Data listing:
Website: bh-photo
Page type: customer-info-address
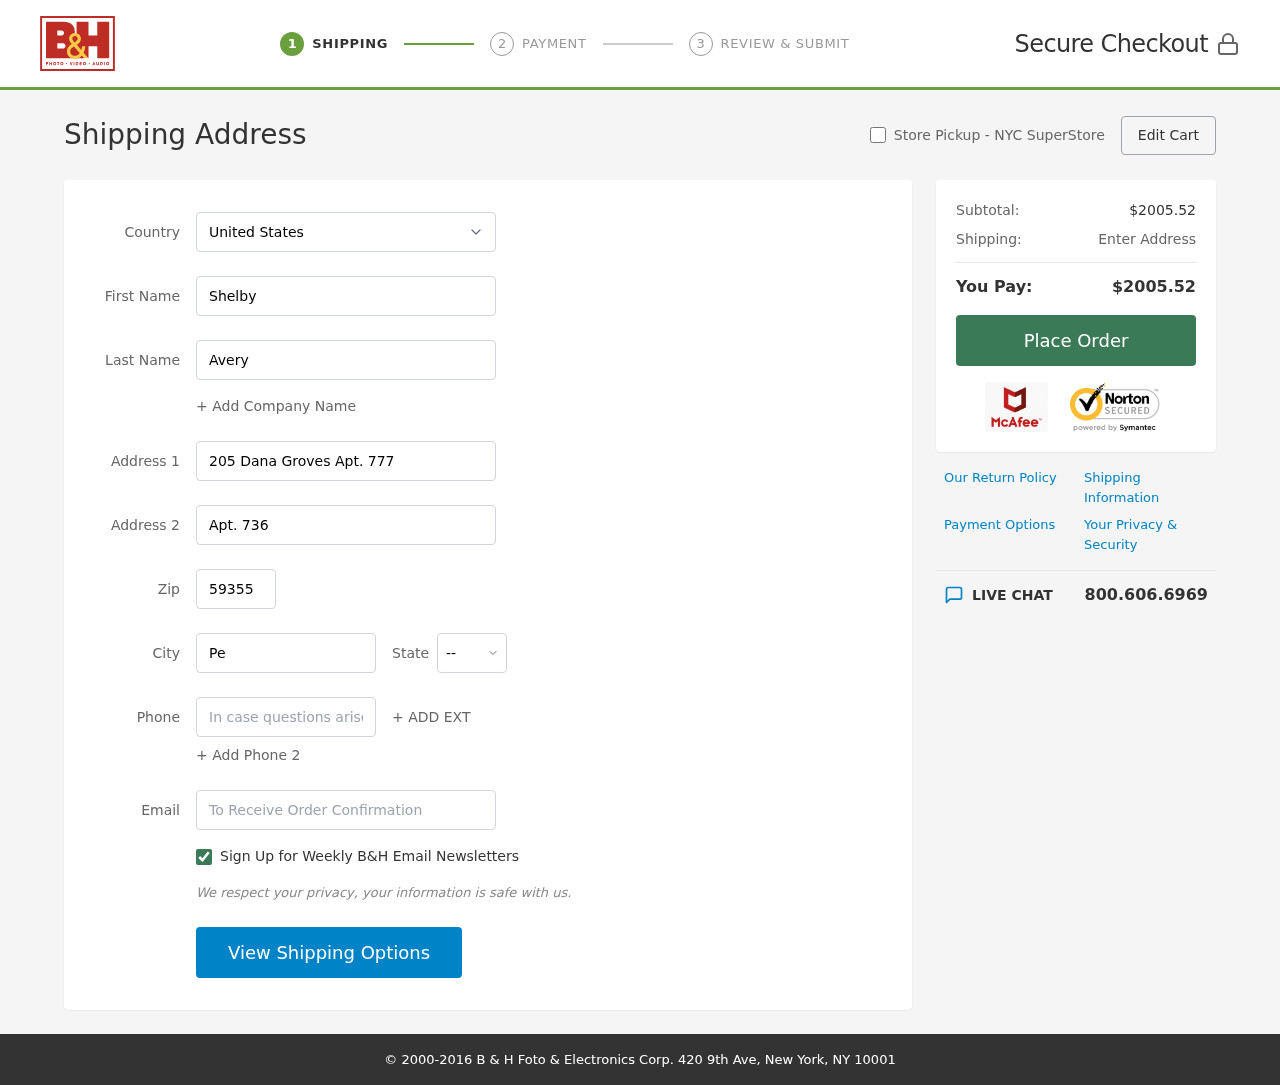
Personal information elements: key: PII_CITY
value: Peterton
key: PII_COUNTRY
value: United States
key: PII_EMAIL
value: shelby.avery@hotmail.com
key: PII_FIRSTNAME
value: Shelby
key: PII_LASTNAME
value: Avery
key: PII_PHONE
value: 3745620258
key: PII_POSTCODE
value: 59355
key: PII_STATE_ABBR
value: VT
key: PII_STREET
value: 205 Dana Groves Apt. 777
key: PII_STREET2
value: Apt. 736
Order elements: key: ORDER_SUBTOTAL
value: $2005.52
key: ORDER_TOTAL
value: $2005.52
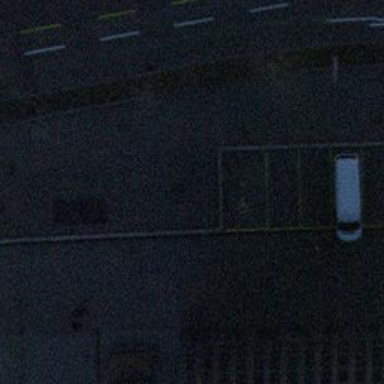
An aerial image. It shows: Bollard.
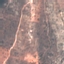
Label: HerbaceousVegetation
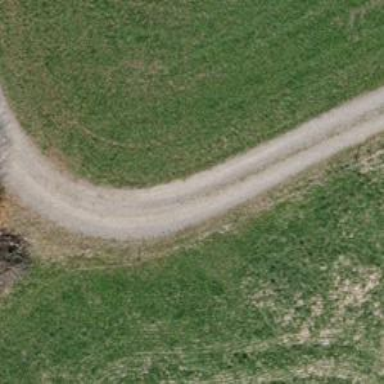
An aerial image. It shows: Compacted track road with grade3 tracktype.
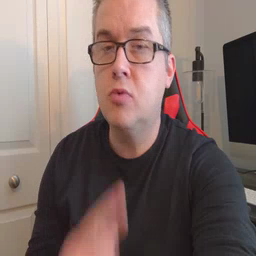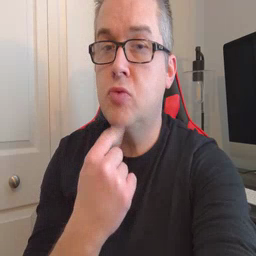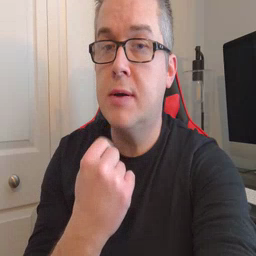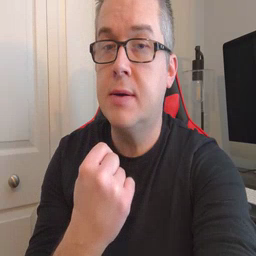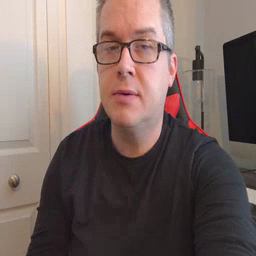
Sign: red
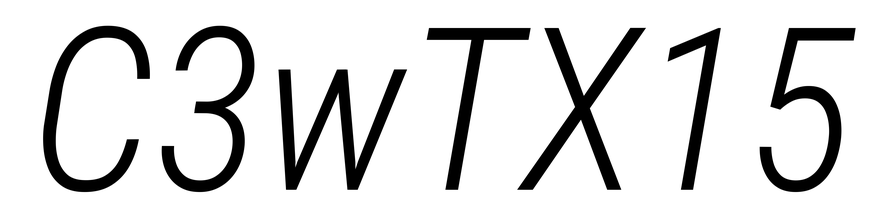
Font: Roboto-Italic_Condensed_Light_Italic
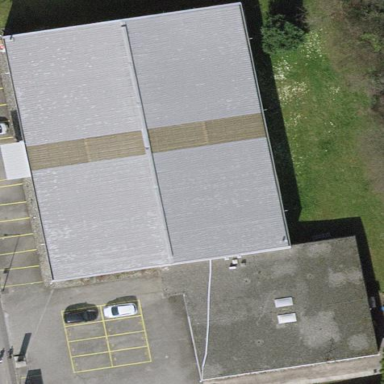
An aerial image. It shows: Industrial building with flat roof.
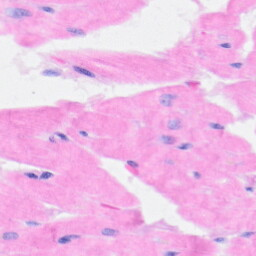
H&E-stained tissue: Heart
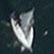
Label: Civil_yacht
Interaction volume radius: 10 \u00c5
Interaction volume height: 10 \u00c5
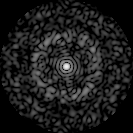
Disorder parameter: 0.8278
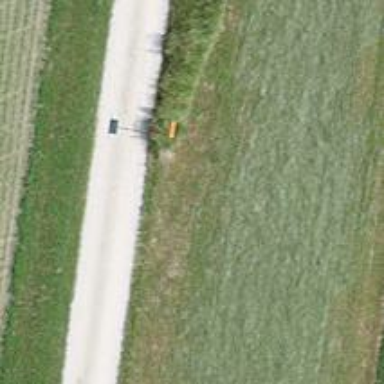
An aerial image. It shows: Pole with roof cover.
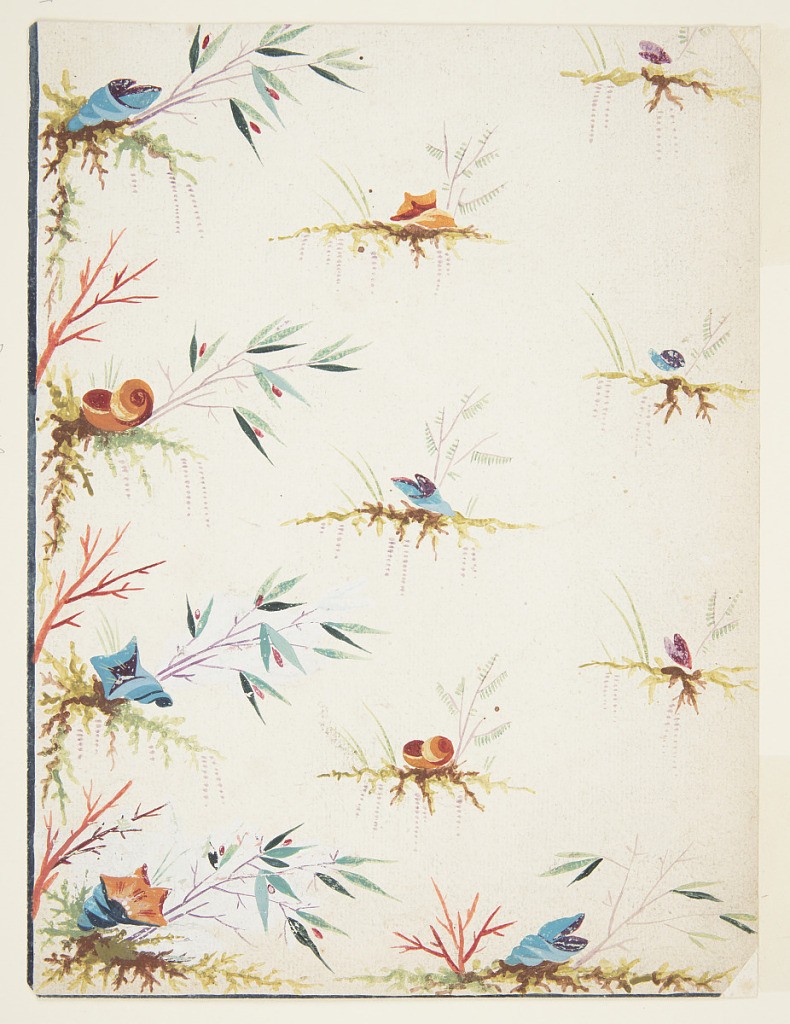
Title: Design for an Embroidered (or Woven) Field
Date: ca. 1785
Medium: Brush and gouache on cream paper; verso: graphite
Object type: Drawing
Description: Fantastic flowers in blue, orange, and purple, some resembling sea-shells, are attached to root tendrils with branches and leaves. Verso: sketch of a waistcoat pocket with floral decoration.
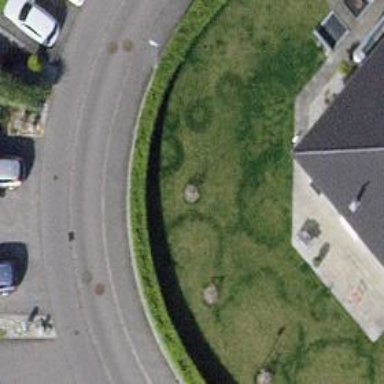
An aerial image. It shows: Hedge acting as barrier.
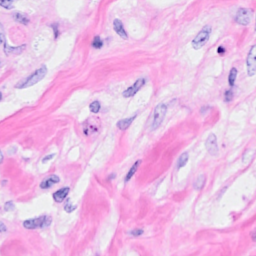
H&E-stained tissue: Breast
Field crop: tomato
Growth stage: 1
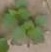
Species: solanum
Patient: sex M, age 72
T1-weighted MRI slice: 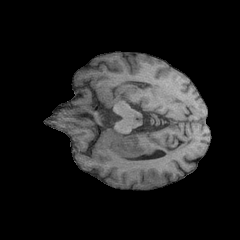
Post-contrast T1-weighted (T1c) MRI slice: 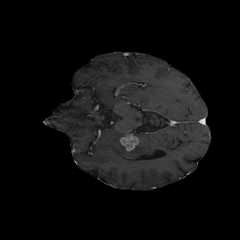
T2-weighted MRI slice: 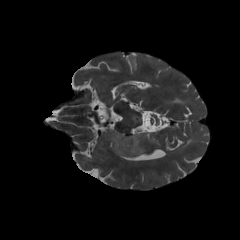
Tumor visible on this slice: yes
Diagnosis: Glioblastoma, IDH-wildtype
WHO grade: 4
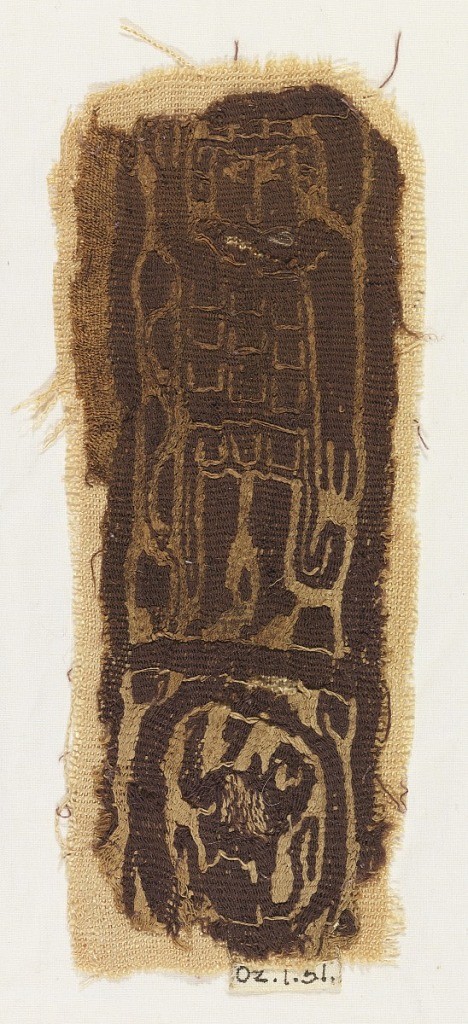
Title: Band fragment
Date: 3rd–5th century
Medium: Warp; S-spun linen. Wefts; Z-spun linen, Z-spun wool. Technique: woven slit tapestry with supplementary weft wrapping
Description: At top a figure of a man in a short tunic. At bottom, a lion in an ovate medallion.
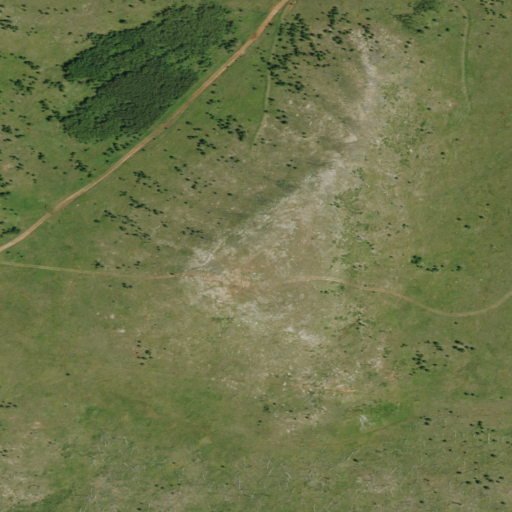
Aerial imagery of mountain in South Dakota named Signal Hill containing shrub and grassland

Your assignment: Any pictures are to be skipped, and the lines from the beginning of the entries through the line with "value: 205 Dana Groves Apt. 777" copied exactly.

Result below:
Website: bh-photo
Page type: customer-info-address
Personal information elements: key: PII_CITY
value: Peterton
key: PII_COUNTRY
value: United States
key: PII_EMAIL
value: shelby.avery@hotmail.com
key: PII_FIRSTNAME
value: Shelby
key: PII_LASTNAME
value: Avery
key: PII_PHONE
value: 3745620258
key: PII_POSTCODE
value: 59355
key: PII_STATE_ABBR
value: VT
key: PII_STREET
value: 205 Dana Groves Apt. 777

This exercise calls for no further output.